The team was not just diverse in culture, but in character. You had Alex and Gaby, who lived in the upstairs part of their family-owned Bodega and spoke mostly in Spanish. Tina was the Vietnamese girl who was the genius of the group who introduced Viewers Like You to Asian culture. Lenni was a musician, and then there’s Jamal—the young bright African-American who unleashed Ghostwriter from a book he found while cleaning his basement with his father. Played by none other than Samuel L. Jackson…! Ghostwriter didn’t mess around with celebrity cameos. Other famous figures such as Spike Lee, Ed Lover and Dr. Dre of Yo! MTV Raps fame, Bo Jackson, Salt N Pepa, Robin Leech, and Judge Reinhold played various roles throughout the show’s run. One of the most notable cameos involved a pre-teen Julia Styles as Erica, a pre-teen computer hacking prodigy.

Julia Stiles in Ghostwriter ("Who is Max Mouse?")

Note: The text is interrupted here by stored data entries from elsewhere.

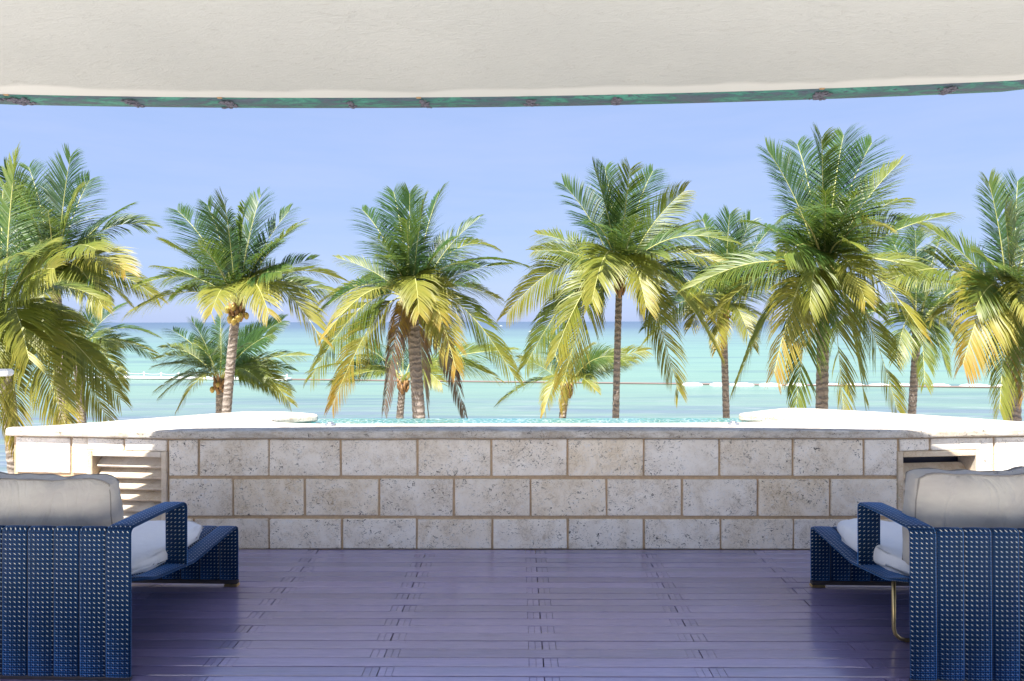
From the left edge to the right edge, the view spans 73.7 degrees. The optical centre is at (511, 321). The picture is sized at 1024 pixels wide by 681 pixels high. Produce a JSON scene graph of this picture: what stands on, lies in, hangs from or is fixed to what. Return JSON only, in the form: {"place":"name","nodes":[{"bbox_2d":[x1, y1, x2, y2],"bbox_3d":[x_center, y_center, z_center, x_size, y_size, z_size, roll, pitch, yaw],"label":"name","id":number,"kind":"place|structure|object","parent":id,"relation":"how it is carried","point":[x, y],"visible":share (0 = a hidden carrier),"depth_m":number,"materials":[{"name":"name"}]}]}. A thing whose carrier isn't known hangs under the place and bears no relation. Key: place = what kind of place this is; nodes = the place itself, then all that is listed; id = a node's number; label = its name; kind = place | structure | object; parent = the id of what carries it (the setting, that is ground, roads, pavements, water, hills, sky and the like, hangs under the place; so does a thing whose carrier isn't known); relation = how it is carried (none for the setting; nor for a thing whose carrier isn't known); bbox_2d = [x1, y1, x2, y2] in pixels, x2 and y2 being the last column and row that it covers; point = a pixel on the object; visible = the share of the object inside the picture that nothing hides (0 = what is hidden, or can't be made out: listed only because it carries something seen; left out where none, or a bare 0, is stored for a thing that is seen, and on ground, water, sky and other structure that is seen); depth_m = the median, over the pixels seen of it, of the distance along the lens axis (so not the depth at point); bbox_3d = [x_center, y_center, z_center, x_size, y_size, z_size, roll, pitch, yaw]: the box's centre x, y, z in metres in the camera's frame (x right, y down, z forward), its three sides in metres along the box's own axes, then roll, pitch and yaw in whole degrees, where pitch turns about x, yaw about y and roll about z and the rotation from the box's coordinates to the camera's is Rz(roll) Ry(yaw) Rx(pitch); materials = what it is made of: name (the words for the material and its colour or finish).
{"place":"outdoors","nodes":[
{"label":"outdoors","id":0,"kind":"place"},
{"bbox_2d":[324,422,335,426],"bbox_3d":[-1.168,0.656,4.387,0.074,0.026,0.074,0,0,1],"label":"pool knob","id":1,"kind":"object","parent":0,"point":[328,424],"visible":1,"depth_m":4.37,"materials":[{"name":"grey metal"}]},
{"bbox_2d":[0,321,1023,472],"bbox_3d":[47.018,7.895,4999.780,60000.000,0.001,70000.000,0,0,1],"label":"sea","id":2,"kind":"structure","parent":0,"point":[364,400],"depth_m":84.51,"materials":[{"name":"liquid"}]},
{"bbox_2d":[88,371,291,379],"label":"pier","id":3,"kind":"structure","parent":2,"relation":"in","point":[157,377],"depth_m":95.73,"materials":[{"name":"white paint"}]},
{"bbox_2d":[291,379,1000,387],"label":"floating boom","id":4,"kind":"object","parent":2,"relation":"on","point":[675,383],"visible":0.57,"depth_m":86.68,"materials":[{"name":"rubber"}]},
{"bbox_2d":[682,382,702,385],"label":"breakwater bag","id":5,"kind":"object","parent":2,"relation":"in","point":[693,384],"visible":0.79,"depth_m":85.00,"materials":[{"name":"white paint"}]},
{"bbox_2d":[710,382,721,385],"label":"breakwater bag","id":6,"kind":"object","parent":2,"relation":"in","point":[716,384],"visible":0.69,"depth_m":84.78,"materials":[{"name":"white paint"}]},
{"bbox_2d":[730,383,753,385],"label":"breakwater bag","id":7,"kind":"object","parent":2,"relation":"in","point":[742,384],"visible":0.84,"depth_m":84.51,"materials":[{"name":"white paint"}]},
{"bbox_2d":[759,383,781,385],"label":"breakwater bag","id":8,"kind":"object","parent":2,"relation":"in","point":[769,384],"visible":0.75,"depth_m":84.27,"materials":[{"name":"white paint"}]},
{"bbox_2d":[933,384,949,385],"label":"breakwater bag","id":9,"kind":"object","parent":2,"relation":"in","point":[940,385],"visible":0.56,"depth_m":82.71,"materials":[{"name":"white paint"}]},
{"bbox_2d":[959,384,989,385],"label":"breakwater bag","id":10,"kind":"object","parent":2,"relation":"in","point":[974,385],"visible":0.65,"depth_m":82.43,"materials":[{"name":"white paint"}]},
{"bbox_2d":[0,89,1023,322],"label":"sky","id":11,"kind":"structure","parent":0,"point":[504,165],"materials":[{"name":"blue"}]},
{"bbox_2d":[5,408,1023,549],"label":"pool wall","id":12,"kind":"structure","parent":0,"point":[782,479],"depth_m":4.21,"materials":[{"name":"beige stone"}]},
{"bbox_2d":[315,418,741,423],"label":"pool water","id":13,"kind":"structure","parent":12,"relation":"in","point":[466,421],"depth_m":5.06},
{"bbox_2d":[727,421,738,425],"bbox_3d":[1.422,0.650,4.386,0.074,0.026,0.074,0,0,1],"label":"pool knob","id":14,"kind":"object","parent":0,"point":[733,423],"visible":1,"depth_m":4.36,"materials":[{"name":"white metal"}]},
{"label":"beach","id":15,"kind":"structure","parent":0,"visible":0},
{"bbox_2d":[0,140,132,473],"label":"coconut palm","id":16,"kind":"object","parent":15,"relation":"on","point":[36,326],"visible":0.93,"depth_m":10.74,"materials":[{"name":"green plant"}]},
{"bbox_2d":[0,143,169,423],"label":"coconut palm","id":17,"kind":"object","parent":15,"relation":"on","point":[93,268],"visible":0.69,"depth_m":18.57,"materials":[{"name":"green plant"}]},
{"bbox_2d":[34,302,162,423],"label":"coconut palm","id":18,"kind":"object","parent":15,"relation":"on","point":[105,343],"visible":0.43,"depth_m":22.88,"materials":[{"name":"green plant"}]},
{"bbox_2d":[151,310,312,413],"bbox_3d":[-9.142,3.501,21.864,5.613,8.040,3.924,0,0,1],"label":"coconut palm","id":19,"kind":"object","parent":15,"relation":"on","point":[253,369],"visible":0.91,"depth_m":21.84,"materials":[{"name":"green plant"}]},
{"bbox_2d":[121,185,347,412],"bbox_3d":[-6.830,1.942,16.853,5.813,11.154,5.222,0,0,1],"label":"coconut palm","id":20,"kind":"object","parent":15,"relation":"on","point":[230,287],"visible":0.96,"depth_m":16.73,"materials":[{"name":"green plant"}]},
{"bbox_2d":[303,330,520,418],"bbox_3d":[-3.286,3.793,21.760,6.464,7.437,4.374,0,0,27],"label":"coconut palm","id":21,"kind":"object","parent":15,"relation":"on","point":[403,382],"visible":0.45,"depth_m":21.86,"materials":[{"name":"green plant"}]},
{"bbox_2d":[303,182,531,418],"bbox_3d":[-2.280,1.980,15.291,5.617,11.058,4.821,0,0,1],"label":"coconut palm","id":22,"kind":"object","parent":15,"relation":"on","point":[422,305],"visible":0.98,"depth_m":15.25,"materials":[{"name":"green plant"}]},
{"bbox_2d":[493,325,652,417],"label":"coconut palm","id":23,"kind":"object","parent":15,"relation":"on","point":[602,363],"visible":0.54,"depth_m":21.59,"materials":[{"name":"green plant"}]},
{"bbox_2d":[495,157,748,417],"bbox_3d":[2.579,1.676,15.636,5.492,11.638,5.133,0,0,-25],"label":"coconut palm","id":24,"kind":"object","parent":15,"relation":"on","point":[586,284],"visible":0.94,"depth_m":15.04,"materials":[{"name":"green plant"}]},
{"bbox_2d":[638,204,791,417],"bbox_3d":[5.262,2.101,18.747,4.390,10.778,5.103,0,0,41],"label":"coconut palm","id":25,"kind":"object","parent":15,"relation":"on","point":[709,303],"visible":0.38,"depth_m":18.32,"materials":[{"name":"green plant"}]},
{"bbox_2d":[677,121,964,413],"bbox_3d":[6.346,1.595,13.671,6.179,11.784,4.596,0,0,-28],"label":"coconut palm","id":26,"kind":"object","parent":15,"relation":"on","point":[826,240],"visible":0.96,"depth_m":12.83,"materials":[{"name":"green plant"}]},
{"bbox_2d":[832,225,1015,413],"bbox_3d":[11.715,2.330,18.468,6.338,10.294,3.935,0,0,-9],"label":"coconut palm","id":27,"kind":"object","parent":15,"relation":"on","point":[914,342],"visible":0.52,"depth_m":17.70,"materials":[{"name":"green plant"}]},
{"bbox_2d":[874,166,1023,421],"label":"coconut palm","id":28,"kind":"object","parent":15,"relation":"on","point":[993,305],"visible":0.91,"depth_m":11.44,"materials":[{"name":"green plant"}]},
{"bbox_3d":[-0.002,4.853,-1.345,10.400,5.695,11.110,0,0,1],"label":"terrace building","id":29,"kind":"object","parent":15,"relation":"on","visible":0},
{"bbox_2d":[0,549,909,680],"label":"deck","id":30,"kind":"structure","parent":29,"relation":"on","point":[509,615],"depth_m":3.20,"materials":[{"name":"purple wood"}]},
{"bbox_2d":[0,502,239,680],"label":"lounge chair","id":31,"kind":"object","parent":30,"relation":"on","point":[65,602],"visible":0.88,"depth_m":2.68,"materials":[{"name":"blue wicker"}]},
{"bbox_2d":[131,520,203,573],"bbox_3d":[-1.925,1.055,3.198,0.734,0.097,0.860,0,-1,1],"label":"seat cushion","id":32,"kind":"object","parent":31,"relation":"on","point":[148,549],"visible":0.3,"depth_m":3.18,"materials":[{"name":"white fabric"}]},
{"bbox_2d":[0,472,123,525],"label":"back cushion","id":33,"kind":"object","parent":32,"relation":"on","point":[30,499],"visible":0.53,"depth_m":2.78,"materials":[{"name":"beige fabric"}]},
{"bbox_2d":[809,502,1023,680],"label":"lounge chair","id":34,"kind":"object","parent":30,"relation":"on","point":[966,584],"visible":0.95,"depth_m":2.63,"materials":[{"name":"blue wicker"}]},
{"bbox_2d":[837,518,909,575],"bbox_3d":[1.984,1.047,3.162,0.735,0.097,0.867,0,-1,1],"label":"seat cushion","id":35,"kind":"object","parent":34,"relation":"on","point":[887,554],"visible":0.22,"depth_m":3.12,"materials":[{"name":"white fabric"}]},
{"bbox_2d":[902,466,1023,564],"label":"back cushion","id":36,"kind":"object","parent":35,"relation":"on","point":[935,497],"visible":0.53,"depth_m":2.75,"materials":[{"name":"beige fabric"}]},
{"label":"patio","id":37,"kind":"structure","parent":29,"relation":"on","visible":0},
{"bbox_2d":[0,369,13,375],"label":"handrail","id":38,"kind":"object","parent":37,"relation":"on","point":[6,372],"visible":1,"depth_m":3.08,"materials":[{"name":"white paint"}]},
{"bbox_2d":[0,0,1023,97],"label":"canopy roof","id":39,"kind":"structure","parent":37,"relation":"on","point":[318,48],"depth_m":2.63,"materials":[{"name":"fabric"}]},
{"bbox_2d":[0,80,1023,108],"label":"trim","id":40,"kind":"structure","parent":39,"relation":"on","point":[819,94],"depth_m":3.23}
]}

What made Ghostwriter really stand out was the epic cliffhangers at the end of every episode. You would literally have the kids facing perilous situations no ghost could write its way out of. Yet they came together to save the day. One of the ways they did it was with the RALLY. When someone from the team would come close to cracking the case, they would write the word RALLY with the first initial of their name. Ghostwriter would then run the message to the other members of the team, rearranging letters to spell the R-word that meant business. The team would assemble, collaborate with clues, and solve the case. Every. Single. Time. Sometimes it took math, sometimes science, sometimes culture, or sometimes it took overcoming serious real world issues including racism, drug abuse, bullying, and gang violence, but they braved it all through the suspense.

Ghostwriter was Reading Rainbow meets 21 Jump Street. You were learning in every step of the adventure. Before we wrote on each other’s walls and timelines, I wished that one day I could glance at a newspaper or a comic and see the letters rearrange and burst before my eyes, RALLYC. I still wonder what we could have solved.